In the Court's view, the Department inspected SeaWeed's premises, orally communicated a position of the legality of their logo, and threatened to use its statutory power to impose an administrative hold pending a possible enforcement action. SeaWeed and SeaSmoke, committed to their logo but understandably reticent to have 90% of their inventory placed under an administrative hold until the matter was resolved, proposed a compromise that would allow them to keep operating. The Department agreed to the proposal and never issued the hold. At no point, however, was the matter resolved. The agency was still working on its enforcement action, which it announced with the notices of administrative action issued December 15. Thus, the agency action is still in its infancy, and this court has no jurisdiction.
The Court does not wish to minimize the difficulty faced by the SeaWeed entities in this matter. The market for legal adult use marijuana is in its infancy and there is always a certain degree of friction between agencies and the markets they regulate as they struggle to work out appropriate interpretations to the statutes and rules that structure such markets. Businesses facing possible agency action under these circumstances are faced with significant uncertainty and may have to make difficult decisions about how proceed until these contested issues are resolved. However, these issues must be allowed to work their way through the administrative process until appeals are filed. The reasons for that should be obvious, given the scarce record in this case.

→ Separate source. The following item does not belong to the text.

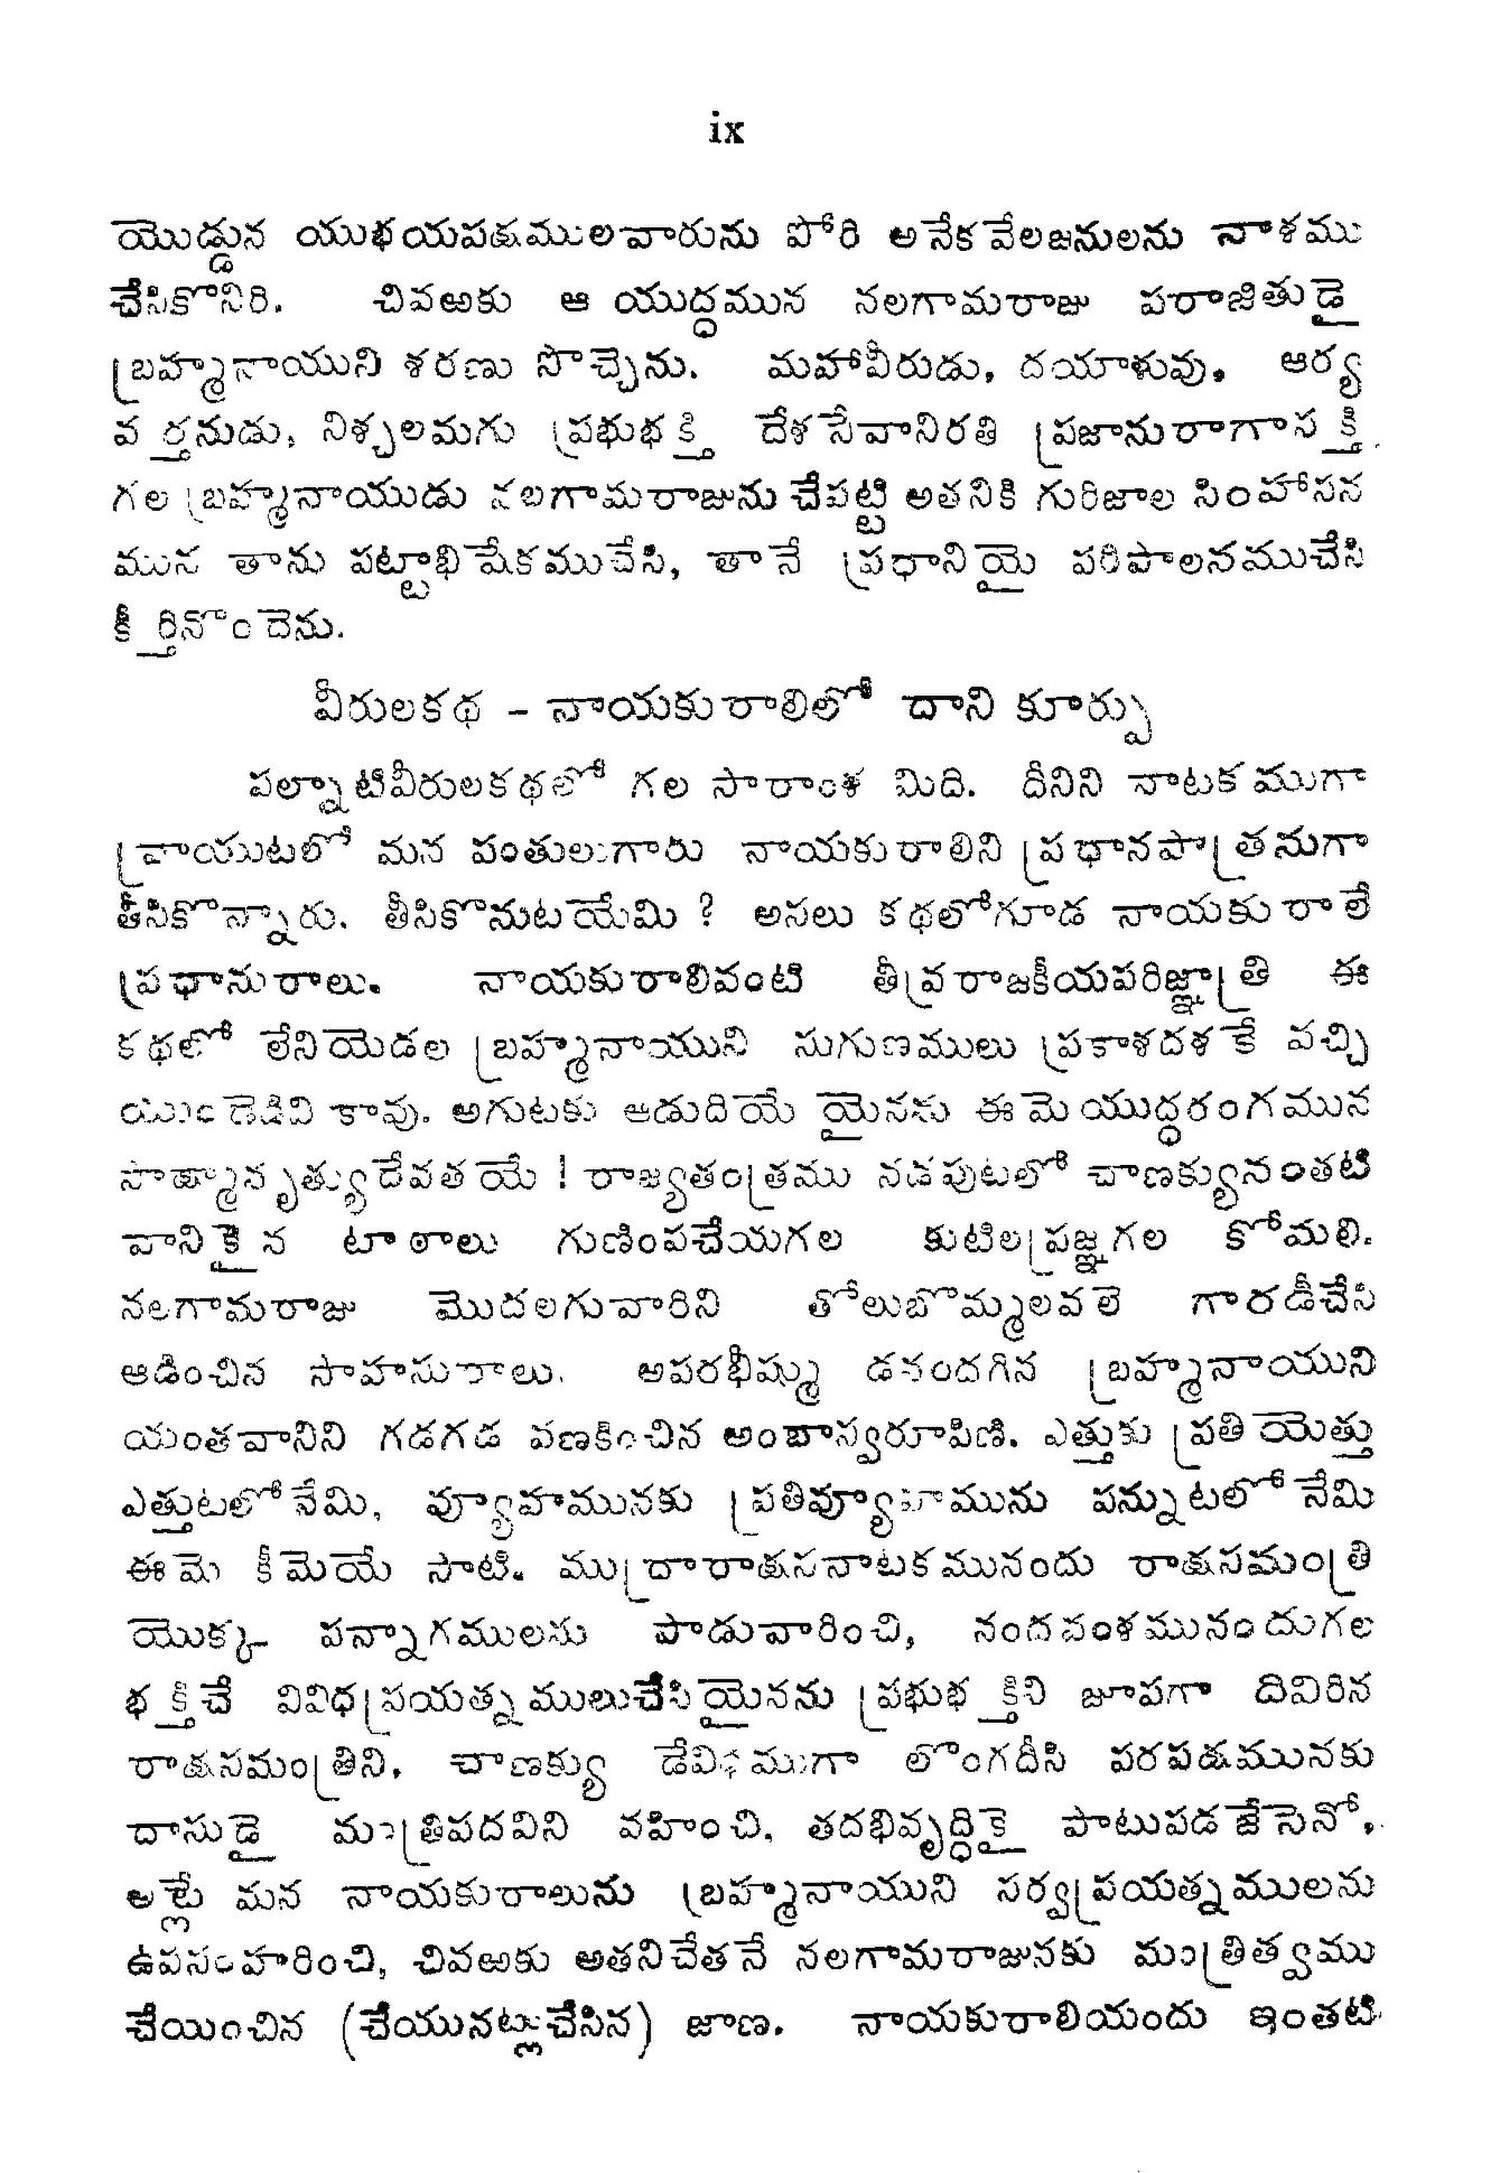యొడ్డున యుభయపక్షములవారును పోరి అనేకవేలజనులను నాశము చేసికొనిరి. చివఱకు ఆ 
యుద్ధమున నలగామరాజు పరాజితుడై బ్రహ్మనాయుని శరణు సొచ్చెను. మహావీరుడు, దయాళువు. ఆర్య వర్తనుడు, నిశ్చలమగు ప్రభుభక్తి దేశసేవానిరతి ప్రజానురాగాసక్తి గల బ్రహ్మనాయుడు నలగామరాజును చేపట్టి అతనికి గురిజాల సింహాసనమున తాను పట్టాభిషేకముచేసి, తానే ప్రధానియై పరిపాలనముచేసి కీర్తినొందెను.

పల్నాటివీరులకథలో గల సారాంశ మిది. దీనిని నాటకముగా వ్రాయుటలో మన పంతులుగారు నాయకురాలిని ప్రధానపాత్రనుగా తీసికొన్నారు. తీసికొనుటయేమి ? అసలు కథలోగూడ నాయకురాలే
ప్రధానురాలు. నాయకురాలివంటి తీవ్రరాజకీయపరిజ్ఞాత్రి ఈ కథలో లేనియెడల బ్రహ్మనాయుని సుగుణములు ప్రకాశదశకే వచ్చి యుండెడివి కావు. అగుటకు ఆడుదియే యైనను ఈమె యుద్ధరంగమున సాక్ష్మానృత్యుదేవతయే ! రాజ్యతంత్రము నడపుటలో చాణక్యునంతటి వానికైన టాఠాలు గుణింపచేయగల కుటిలప్రజ్ఞగల కోమలి. నలగామరాజు మొదలగువారిని తోలుబొమ్మలవలె గారడీచేసి ఆడించిన సాహసురాలు, అపరభీష్ము డనందగిన బ్రహ్మనాయుని యంతవానిని గడగడ వణకించిన అంబాస్వరూపిణి. ఎత్తుకు ప్రతి యెత్తు ఎత్తుటలోనేమి, వ్యూహమునకు ప్రతివ్యూహమును పన్నుటలో నేమి ఈమె కీమెయే సాటి. ముద్రారాక్షసనాటకమునందు రాజసమంత్రి యొక్క పన్నాగములను పాడువారించి, నందవంశమునందుగల భక్తిచే వివిధ ప్రయత్నములుచేసియైనను ప్రభుభక్తిని జూపగా దివిరిన రాక్షసమంత్రిని, చాణక్యు డేవిధముగా లొంగదీసి పరపక్షమునకు దాసుడై మంత్రిపదవిని వహించి, తదభివృద్ధికై పాటుపడజేసెనో, అట్లే మన నాయకురాలును బ్రహ్మనాయుని సర్వప్రయత్నములను ఉపసంహరించి, చివఱకు అతనిచేతనే నలగామరాజునకు మంత్రిత్వము
చేయించిన (చేయునట్లుచేసిన) జాణ. నాయకురాలియందు ఇంతటి

The appropriate forum for this dispute at this stage is the administrative appeals process. The factual record is still being developed. Should the petitioners find themselves unsatisfied with the administrative process after they have exhausted all of their appeals, then they will be entitled to appeal the matter to the Superior Court pursuant to MR. Civ. P. 80 C. A court will then be able to review the developed record and decide their appeal on the merits. At this stage, however, the first count must be dismissed for lack of subject matter jurisdiction, The other counts also fail. Count 3, the claim under 42 U.S.C. § 1983, fails because Petitioners have not exhausted their administrative remedies and because other means of redress are available. Antler's Inn & Rest., LLC v. Dep't of Pub. Safety, 2012 ME 143, ¶¶ 14-15, 60A.3d 1248, Count 4 fails, even if the court construes it as an independent claim for equitable estoppel, because Petitioners failed to allege any misrepresentations made by the Department. See State v, Brown, 2014 ME 79, ¶14, 95 A.3d 82. Petitioners admit they were aware that the Department did not approve of their logo, they simply lacked an explanation for the reasoning behind the Department's disapproval. Count 5 fails, as it merely asks the court for injunctive relief without stating any legal basis for granting it. Finally Count 2 fails, as the Declaratory Judgment Act does not provide a cause of action or jurisdiction where it does not independently exist and all other counts are dismissed, The entry is
Respondent Maine Department of Administrative and Financial Services, Office of Marijuana Policy's Motion to Dismiss is GRAFTED.
The Motion to Specify Future Course of Proceedings and the Motion to Stay Enforcement are deemed MOOT, The Clerk is directed to enter this order into the docket by reference pursuant to M.R.CivP. 79(a).